# Which area



## Tina & Tony (Nov 11, 2018)

We are looking to move to ontinyent, what area would people suggest, and why x


----------



## Beach buddy (Jul 7, 2018)

Ontinyent?


----------



## Barriej (Jul 23, 2012)

Tina & Tony said:


> We are looking to move to ontinyent, what area would people suggest, and why x


Don't take this the wrong way. But.

Have you visited the areas you are thinking of moving to?
Do you have an idea of the property you want to own/rent?

What are you looking for, a quiet life, busy with expats, typical Spanish?

If you give a little more information, you may get some good advice.


----------



## SandraP (Apr 23, 2014)

Do you want to live near the town or out in the countryside?
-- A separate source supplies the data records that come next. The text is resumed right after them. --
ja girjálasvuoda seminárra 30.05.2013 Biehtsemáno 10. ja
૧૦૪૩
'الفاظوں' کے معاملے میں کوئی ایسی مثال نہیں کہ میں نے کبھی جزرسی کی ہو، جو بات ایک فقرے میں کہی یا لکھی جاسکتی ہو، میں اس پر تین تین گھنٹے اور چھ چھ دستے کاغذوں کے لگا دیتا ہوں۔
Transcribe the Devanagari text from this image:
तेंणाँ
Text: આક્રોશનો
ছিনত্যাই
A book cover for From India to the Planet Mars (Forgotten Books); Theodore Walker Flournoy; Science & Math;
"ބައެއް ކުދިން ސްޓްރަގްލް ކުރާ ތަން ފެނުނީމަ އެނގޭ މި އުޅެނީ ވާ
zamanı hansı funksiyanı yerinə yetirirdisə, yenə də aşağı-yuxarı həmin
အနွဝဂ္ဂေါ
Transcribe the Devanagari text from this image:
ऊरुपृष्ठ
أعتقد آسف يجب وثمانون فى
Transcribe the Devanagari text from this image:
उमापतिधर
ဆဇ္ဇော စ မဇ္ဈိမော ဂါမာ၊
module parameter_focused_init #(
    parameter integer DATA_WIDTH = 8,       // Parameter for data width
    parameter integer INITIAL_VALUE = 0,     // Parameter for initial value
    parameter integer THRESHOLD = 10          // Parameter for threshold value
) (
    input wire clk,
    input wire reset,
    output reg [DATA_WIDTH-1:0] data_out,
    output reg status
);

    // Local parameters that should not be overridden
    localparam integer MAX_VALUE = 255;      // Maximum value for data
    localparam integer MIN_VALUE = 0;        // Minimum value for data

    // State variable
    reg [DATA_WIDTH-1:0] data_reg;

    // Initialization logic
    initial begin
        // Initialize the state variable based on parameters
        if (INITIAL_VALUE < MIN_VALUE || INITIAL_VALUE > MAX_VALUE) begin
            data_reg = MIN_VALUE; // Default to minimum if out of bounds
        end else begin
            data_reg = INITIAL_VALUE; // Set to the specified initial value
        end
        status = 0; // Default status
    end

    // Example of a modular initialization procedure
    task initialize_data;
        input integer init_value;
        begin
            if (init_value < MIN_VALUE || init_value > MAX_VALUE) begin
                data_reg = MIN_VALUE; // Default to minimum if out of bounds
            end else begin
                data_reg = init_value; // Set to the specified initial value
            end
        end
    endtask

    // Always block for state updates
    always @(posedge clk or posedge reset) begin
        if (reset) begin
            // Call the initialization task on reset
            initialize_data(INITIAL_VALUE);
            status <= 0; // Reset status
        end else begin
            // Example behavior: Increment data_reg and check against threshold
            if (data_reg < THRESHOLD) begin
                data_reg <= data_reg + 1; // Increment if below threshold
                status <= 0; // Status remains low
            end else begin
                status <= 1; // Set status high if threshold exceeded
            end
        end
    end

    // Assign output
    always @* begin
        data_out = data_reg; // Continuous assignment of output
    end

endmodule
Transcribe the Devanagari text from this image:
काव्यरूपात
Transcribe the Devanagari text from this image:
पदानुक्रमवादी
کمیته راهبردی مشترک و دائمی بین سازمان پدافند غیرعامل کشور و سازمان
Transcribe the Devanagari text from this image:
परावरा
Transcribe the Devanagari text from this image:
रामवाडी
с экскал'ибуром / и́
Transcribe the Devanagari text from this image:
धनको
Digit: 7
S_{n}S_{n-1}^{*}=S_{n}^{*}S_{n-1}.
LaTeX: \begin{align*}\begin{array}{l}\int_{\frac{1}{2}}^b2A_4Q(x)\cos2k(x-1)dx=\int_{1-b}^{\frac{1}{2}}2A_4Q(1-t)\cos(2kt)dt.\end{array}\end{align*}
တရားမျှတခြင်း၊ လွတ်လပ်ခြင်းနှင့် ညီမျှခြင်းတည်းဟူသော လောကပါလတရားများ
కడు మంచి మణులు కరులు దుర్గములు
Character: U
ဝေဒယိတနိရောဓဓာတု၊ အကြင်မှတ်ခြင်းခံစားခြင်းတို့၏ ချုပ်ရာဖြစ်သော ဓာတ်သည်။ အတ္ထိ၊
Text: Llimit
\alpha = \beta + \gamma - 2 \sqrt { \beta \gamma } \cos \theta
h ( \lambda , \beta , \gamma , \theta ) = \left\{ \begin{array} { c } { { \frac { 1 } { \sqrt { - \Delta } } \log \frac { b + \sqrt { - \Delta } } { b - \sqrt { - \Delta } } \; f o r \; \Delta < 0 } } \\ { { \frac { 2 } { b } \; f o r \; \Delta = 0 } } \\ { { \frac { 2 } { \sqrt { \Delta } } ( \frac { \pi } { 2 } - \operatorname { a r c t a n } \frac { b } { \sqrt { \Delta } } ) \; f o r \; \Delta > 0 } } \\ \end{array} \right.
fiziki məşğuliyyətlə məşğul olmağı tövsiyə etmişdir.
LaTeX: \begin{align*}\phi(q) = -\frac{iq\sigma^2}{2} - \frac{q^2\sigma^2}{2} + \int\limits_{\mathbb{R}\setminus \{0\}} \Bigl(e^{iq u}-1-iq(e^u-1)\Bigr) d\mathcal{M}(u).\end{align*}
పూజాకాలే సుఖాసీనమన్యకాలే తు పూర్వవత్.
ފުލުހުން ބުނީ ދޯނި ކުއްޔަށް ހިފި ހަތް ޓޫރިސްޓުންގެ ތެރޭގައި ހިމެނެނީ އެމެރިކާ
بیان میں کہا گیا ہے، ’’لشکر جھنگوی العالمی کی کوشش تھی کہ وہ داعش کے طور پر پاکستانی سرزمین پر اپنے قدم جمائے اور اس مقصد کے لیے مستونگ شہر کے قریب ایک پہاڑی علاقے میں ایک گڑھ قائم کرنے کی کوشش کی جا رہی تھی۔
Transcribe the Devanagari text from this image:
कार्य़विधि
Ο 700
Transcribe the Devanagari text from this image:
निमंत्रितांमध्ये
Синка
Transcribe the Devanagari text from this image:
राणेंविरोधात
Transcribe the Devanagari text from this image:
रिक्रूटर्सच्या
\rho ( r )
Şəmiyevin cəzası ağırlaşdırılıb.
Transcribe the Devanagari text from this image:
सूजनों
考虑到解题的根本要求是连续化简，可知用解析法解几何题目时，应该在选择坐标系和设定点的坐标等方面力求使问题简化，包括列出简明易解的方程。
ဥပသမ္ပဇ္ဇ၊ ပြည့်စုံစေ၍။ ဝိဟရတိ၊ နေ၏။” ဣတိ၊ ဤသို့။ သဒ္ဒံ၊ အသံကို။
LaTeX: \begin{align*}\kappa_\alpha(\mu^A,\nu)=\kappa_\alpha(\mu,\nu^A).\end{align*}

How much land do you want if you want a house? Do you want neighbours close by?
We decided on Ontinyent then had holidays in the town in different areas, this helped us decide what side of the valley we wanted to live on and we looked at quite a lot of properties so we knew what we wanted, but more importantly, what we didn't want. 
Have you visited the town yet?
Snikpoh has lived in Ontinyent for many years, he is better placed to advise on the pros and cons of each area, but only you can say which part is more suited to your needs.


----------



## Tina & Tony (Nov 11, 2018)

Morning all, we have not visited ontinyent yet we are over in may to look at property's in a few areas so was asking where people would suggest,we know what kind of property we would like, dont want to be in the countryside,so we looking in around town, we are no strangers to living abroad,as we live in lanzarote, and are looking for a change x


----------



## Tina & Tony (Nov 11, 2018)

Also any suggestion for accommodation for 5days in may x


----------



## SandraP (Apr 23, 2014)

Snikpoh has accommodation which I have stayed in, self catering apartment underneath his house. It is called El Parque, look on his profile think he has links to it there.


----------



## Tina & Tony (Nov 11, 2018)

Thank you sandraP x


----------



## SandraP (Apr 23, 2014)

Sorry I cannot advise on areas to look for property, we have just bought, but it is in countryside, about 6km outside town. We are not living there yet so cannot help with areas as we do not know the town well enough.


----------



## Tina & Tony (Nov 11, 2018)

Thank you again sandraP x


----------



## The Skipper (Nov 26, 2014)

Tina & Tony said:


> Morning all, we have not visited ontinyent yet we are over in may to look at property's in a few areas so was asking where people would suggest,we know what kind of property we would like, dont want to be in the countryside,so we looking in around town, we are no strangers to living abroad,as we live in lanzarote, and are looking for a change x


I would recommend that you explore the area a little south of Ontinyent (take the A7 motorway in the Alicante direction). Look at Muro de Alcoy, Cocentaina and Alcoy. These towns are surrounded by mountains which, in my opinion, provide far more dramatic and attractive scenery than Ontinyent. We rented a house in Ontinyent for two months and viewed many houses in the area but fell in love with the mountains to the east of Alcoy and Cocentaina. I note that you want to live in a town so your search criteria will be the exact opposite of mine but the towns I have mentioned are well worth exploring. Alcoy, by the way, is famous for its fiestas, especially Moors and Christians and Three Kings, and Cocentaina attracts 500,000 visitors each year for its huge, four-day medieval fair in November.


----------



## Tina & Tony (Nov 11, 2018)

Thank you,The skipper,we are going to look a few different places ,we looked at houses in piles,oliva and gandia but house price where quite high so desided to look more in land and found ontinyent but thier in may and will have good look round x


----------